Resolving the question surrounding technology, governance and trademark will, unfortunately take some time. We are quite confident, however, that adequate will and the basis for agreement can be mustered to complete the transition to a robust, stable, competitive, global, and private-sector driven system over the course of the next year.
First of all, we believe the U.S. Government must act promptly to assure the Internet community that it will preserve the stability and integrity of the Internet during a transition period. We believe that IANA should be funded during the transition period. We also believe that the government should, if necessary, utilize the NSI "ramp down" option in the cooperative agreement, providing the option to rely on the current system through fiscal year 1998. Finally, we also believe that the government should, if necessary and in accordance with the provisions of the cooperative agreement, receive a copy and documentation of any and all software and data generated by NSI under the cooperative agreement in such form and sufficient detail as to permit shared registration in the .com space.
Second, the interagency working group must complete and make available a detailed analysis of comments submitted in response to the Department of Commerce request for comments.

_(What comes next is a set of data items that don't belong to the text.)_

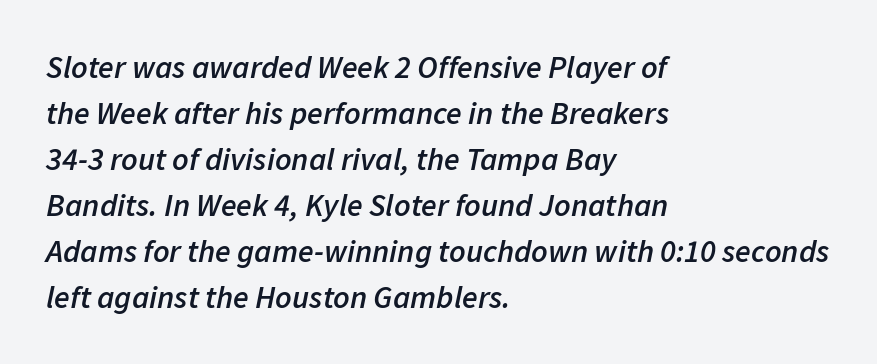
Emphasis-style slanted type is in use. Proportional: the letters do not fall into vertical columns. The tracking reads as untouched default to a designer's eye. Where is the straight margin? On the left. Leading matches the norm, producing a regular column.
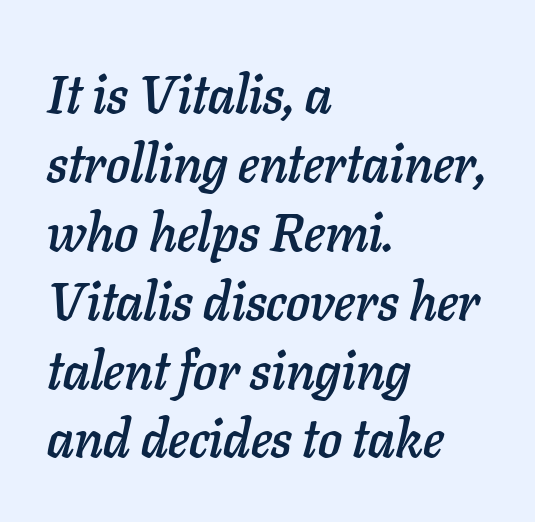
{"italic": "yes", "lean": "right", "slant_degrees": 11, "width": "normal", "stroke_contrast": "low", "x_height": "medium", "monospaced": "no", "underline": "no", "align": "left", "line_spacing": "normal", "line_spacing_ratio": 1.3, "letter_spacing": "normal", "letter_spacing_em": 0.0, "glyph_px": 53}
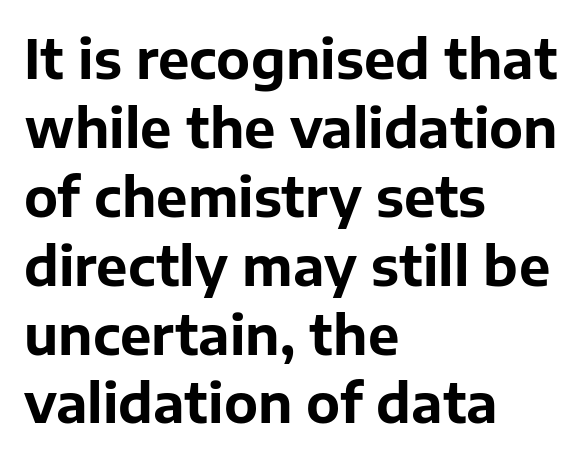
Each letter's strokes conclude bluntly, with no projecting serifs. This sample has the flowing, uneven cadence of proportional lettering. Is there any slant? The stems are plumb. How heavy is the stroke? Heavy — this is a bold. Is there much room between lines? A standard amount, neither cramped nor airy.
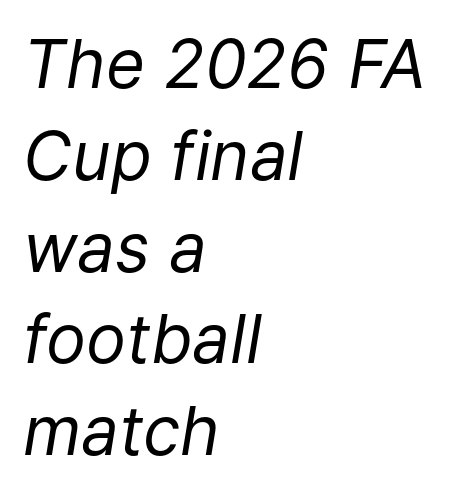
The image shows 67 px regular-weight type, italic (leaning right); set left-aligned, normal line spacing (1.37x), normal letter spacing, not underlined; low stroke contrast and a medium x-height.

Based on this analysis, we would expect to issue policy recommendations with respect to each of the questions
Although I do not want to pre-judge the final recommendations, I believe that they are likely to contain the following elements:
The memorandum of understanding proposed by the Ad Hoc Committee should be amended, or another vehicle should be created, to reflect the concerns about governance, dispute resolution, and trademark voiced in the comments received by the Department of Commerce.
Although I have outlined a transition roadmap in very broad terms, the Administration does not underestimate either the importance or the complexity of this task. I look forward to working with all interested parties, including the Congress, throughout this important transition period.
I would be happy to answer any questions that the Members may have at this time.
The Government should support private sector development, testing, and deployment, based on the procedures set forth in the Ad Hoc Committee's memorandum of understanding and the Council of Registrars Memorandum of Understanding or another vehicle, of technology needed to administer shared top level domains.
The United States should work with the global Internet community to establish an independent, self-sufficient policy oversight body with sufficient authority, global credibility, as well as a structure and process that will minimize the risk of anticompetitive conduct to carry out the core aspects of Internet governance that must be undertaken on a centralized basis.